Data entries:
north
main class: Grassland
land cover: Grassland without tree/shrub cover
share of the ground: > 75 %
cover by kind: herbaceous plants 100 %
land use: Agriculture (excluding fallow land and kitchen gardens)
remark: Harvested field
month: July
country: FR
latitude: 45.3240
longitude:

▸ **Task**:
When you reach the end of the data, write every line out again verbatim.

▸ **Result of this task**:
north
main class: Grassland
land cover: Grassland without tree/shrub cover
share of the ground: > 75 %
cover by kind: herbaceous plants 100 %
land use: Agriculture (excluding fallow land and kitchen gardens)
remark: Harvested field
month: July
country: FR
latitude: 45.3240
longitude:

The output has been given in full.